Author(s): anonymous
Date of publication: October 1901
Volume number: 9
Issue number: 10
Pagination: 334-40 (excerpt below includes only page 335)

 
Citation
“Notes on Books and Other Things.” Carmelite Review Oct. 1901 v9n10: pp. 334-40.
 
Transcription
excerpt
 
Keywords
McKinley assassination (personal response); Leon Czolgosz; McKinley assassination (religious response); society (criticism); William McKinley (death: personal response).
 
Named persons
William McKinley.
 
Document

 

Notes on Books and Other Things [excerpt]

     The whole world stands aghast at the murder of the late President Wm. McKinley. He was a man of unblemished private life. His death showed how he was revered and beloved by the American people.
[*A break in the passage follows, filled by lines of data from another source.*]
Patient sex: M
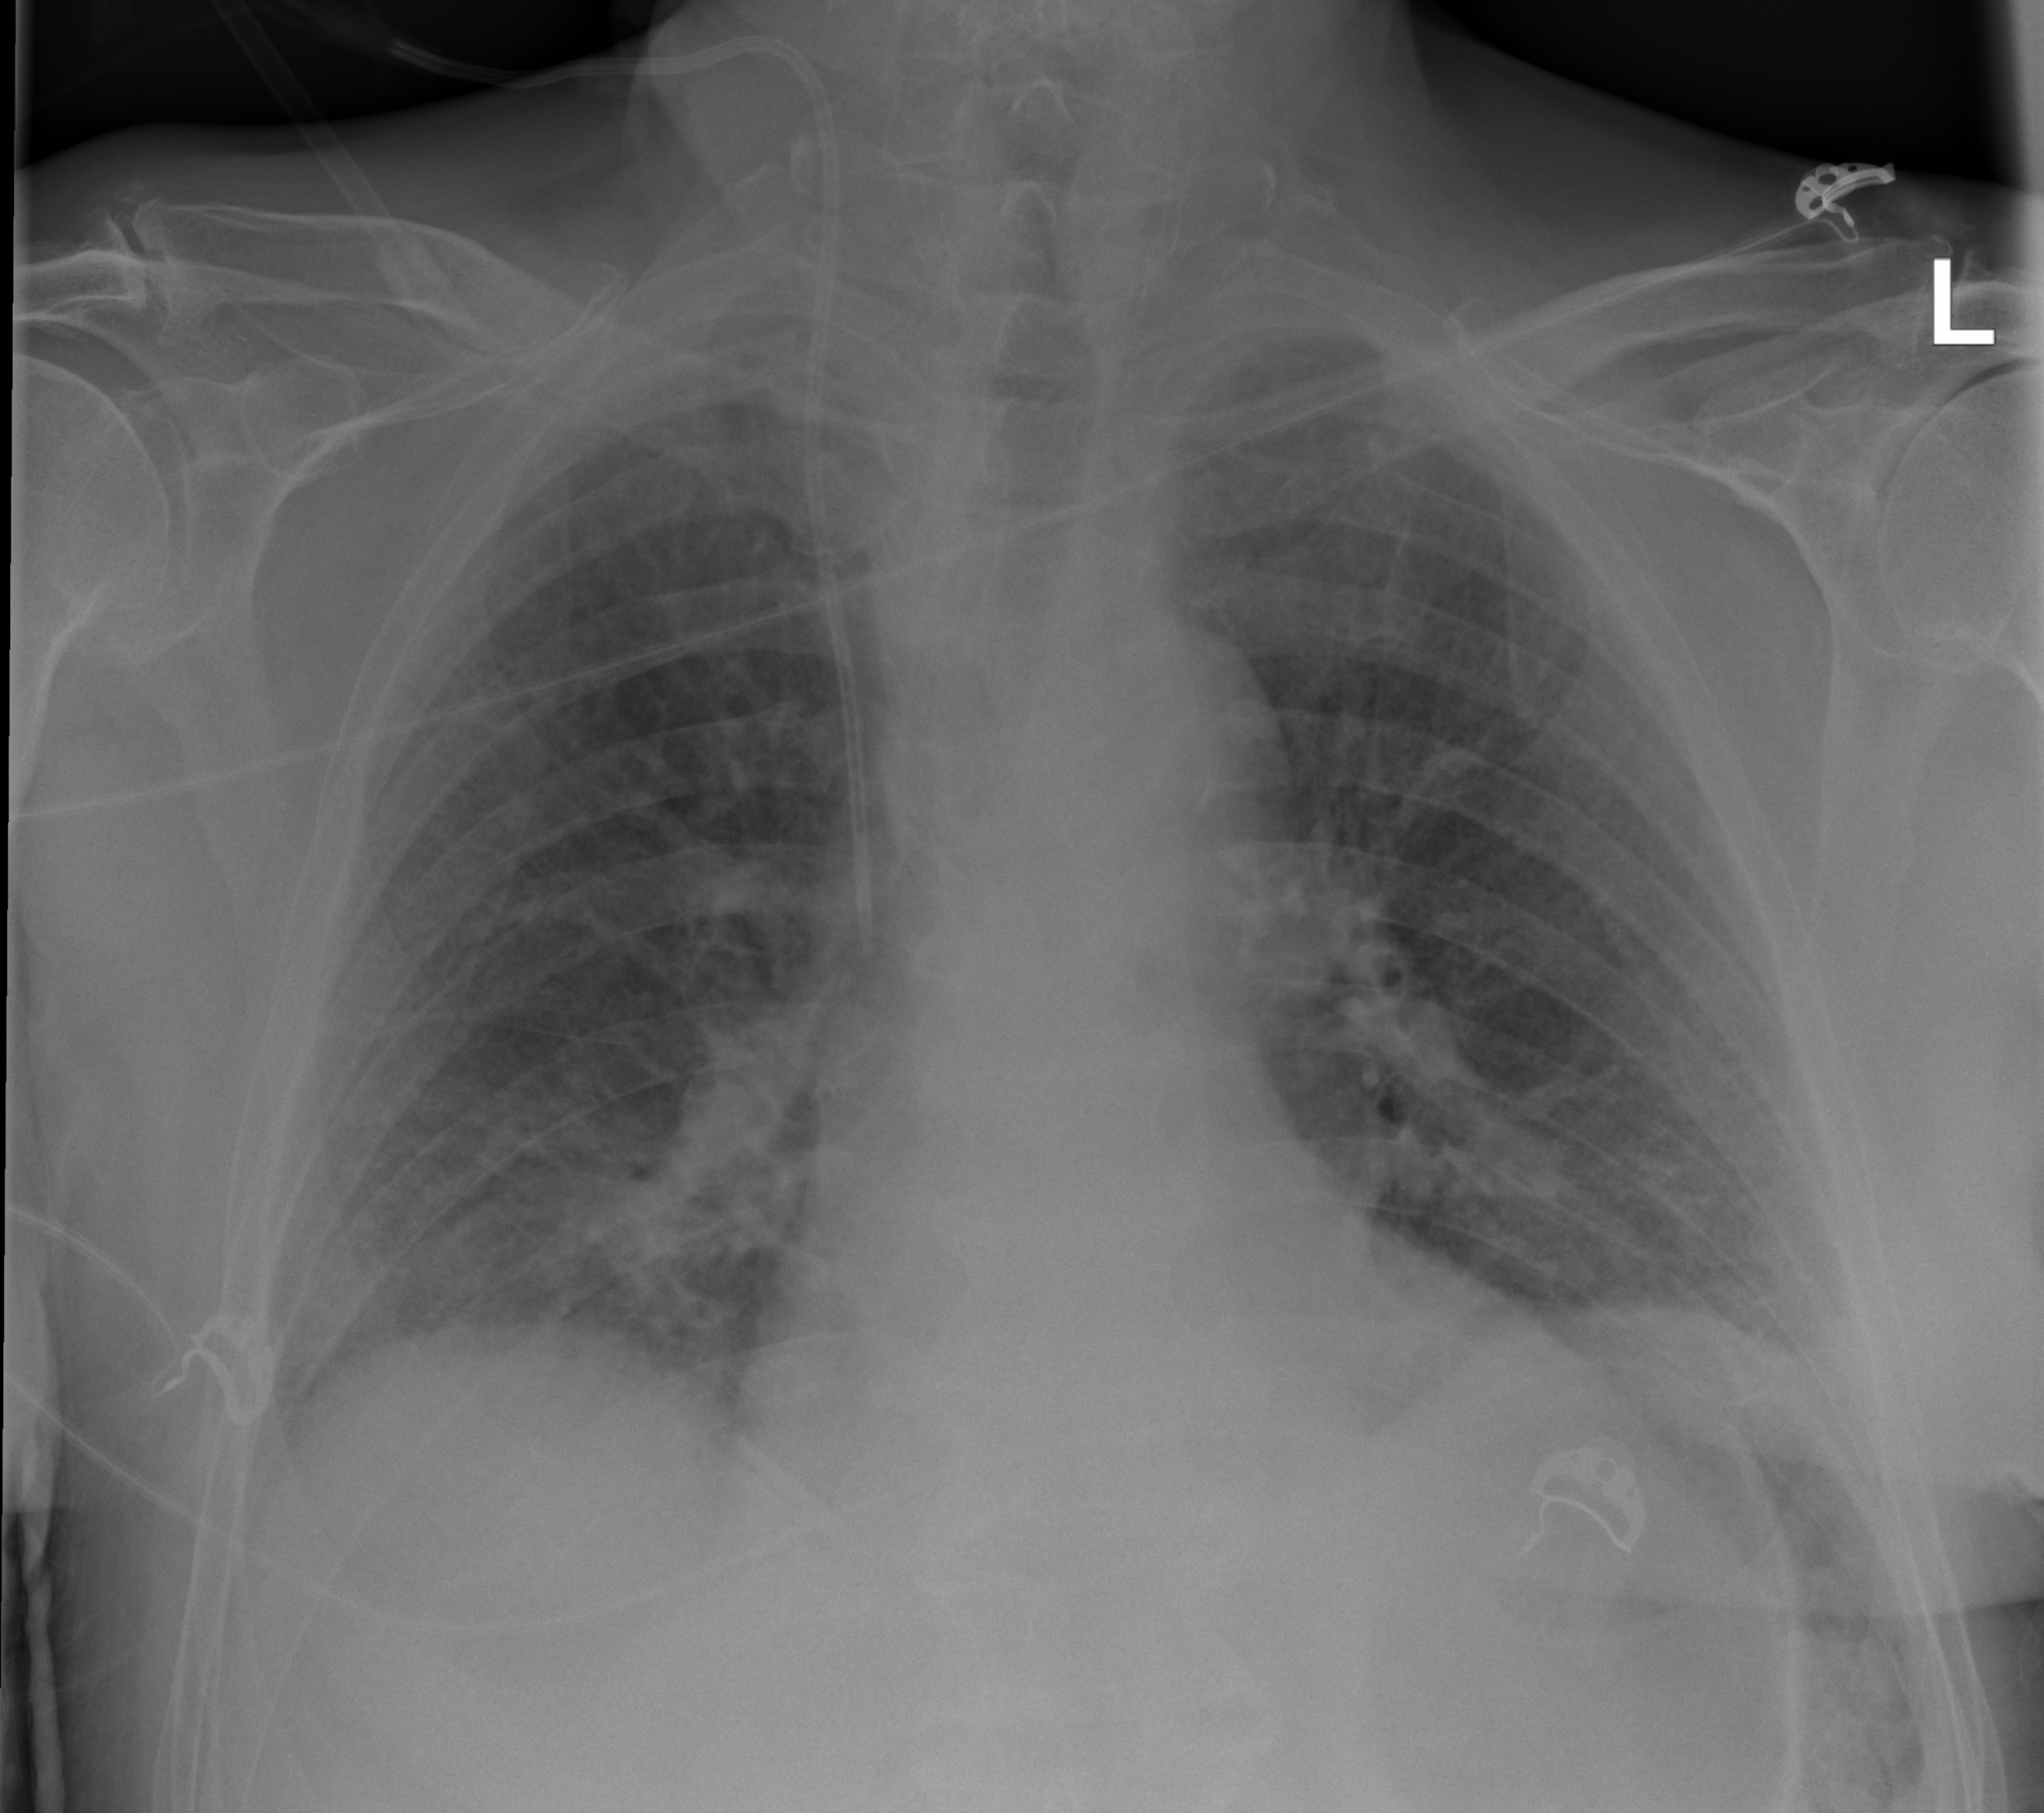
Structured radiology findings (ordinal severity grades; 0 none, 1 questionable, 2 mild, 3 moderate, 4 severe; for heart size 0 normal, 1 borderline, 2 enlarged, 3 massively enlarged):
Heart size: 1
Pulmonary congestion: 2
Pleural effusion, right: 0
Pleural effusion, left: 0
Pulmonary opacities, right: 0
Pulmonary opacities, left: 0
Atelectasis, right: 0
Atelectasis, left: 0

It is a great humiliation to the great American nation which has opened its doors to all peoples of the world and proclaimed that all men are brothers. It was not the death of Mr. McKinley that was sought by the abominable assassin so much as the attempt to destroy all lawful authority. All minds are thinking of the trend of the doctrines of the anarchist. “Free speech is a gem of liberty.” So speak many. But has not the wicked tongue perverted thousands and caused destruction throughout the ages.
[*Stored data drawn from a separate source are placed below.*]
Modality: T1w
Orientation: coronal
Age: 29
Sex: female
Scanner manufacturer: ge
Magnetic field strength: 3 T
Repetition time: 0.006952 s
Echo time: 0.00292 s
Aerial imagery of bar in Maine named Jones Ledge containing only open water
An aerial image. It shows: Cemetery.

     The murderer of Mr. McKinley was educated in our public schools; he grew up without religion and the fear of God; he imbibed false doctrines; he was not trained in his heart and in the practice of virtue, and his hands were steeped in the blood of the Chief Executive of a glorious nation.
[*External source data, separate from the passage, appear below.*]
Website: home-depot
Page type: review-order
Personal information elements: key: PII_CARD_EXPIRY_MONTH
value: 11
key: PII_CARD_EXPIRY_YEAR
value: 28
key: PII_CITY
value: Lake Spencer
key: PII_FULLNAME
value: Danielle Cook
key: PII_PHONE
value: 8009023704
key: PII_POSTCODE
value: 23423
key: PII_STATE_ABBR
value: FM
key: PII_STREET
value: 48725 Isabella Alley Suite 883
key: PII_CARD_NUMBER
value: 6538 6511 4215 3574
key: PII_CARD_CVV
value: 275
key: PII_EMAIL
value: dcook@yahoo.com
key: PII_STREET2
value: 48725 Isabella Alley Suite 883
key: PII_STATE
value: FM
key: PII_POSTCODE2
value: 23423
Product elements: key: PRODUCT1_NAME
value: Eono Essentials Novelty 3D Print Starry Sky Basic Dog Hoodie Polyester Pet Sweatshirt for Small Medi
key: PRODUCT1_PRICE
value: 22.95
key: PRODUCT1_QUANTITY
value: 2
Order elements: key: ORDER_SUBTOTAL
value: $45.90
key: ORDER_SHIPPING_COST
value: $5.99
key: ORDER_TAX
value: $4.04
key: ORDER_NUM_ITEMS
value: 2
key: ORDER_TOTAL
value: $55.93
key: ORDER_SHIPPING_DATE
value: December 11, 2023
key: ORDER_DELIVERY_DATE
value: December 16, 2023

     Parents who neglect to correct their children are as bad as idolators [sic]. Sentimentality, the fear of hurting and chastising, a maudlin fear of physical correction of children is a growth of atheism. “Spare the rod and you spoil the child.” There is lacking a wholesome respect for authority. Parents suffer for their own omissions in the correct way of bringing up their children. For the wilful [sic] child, the criminal and culpable one, there is nothing so good as correction with severity moderated with reason and charity.
     Mr. McKinley as a citizen and soldier of his country, as a kind, loving husband, as the beloved President of the United States, will always be remembered. His last farewell, “Good-bye to you, good-bye. This is God’s way. His Will be done, not ours,” gives us the keynote to our ears and hearts. Be we high or low, we must also die.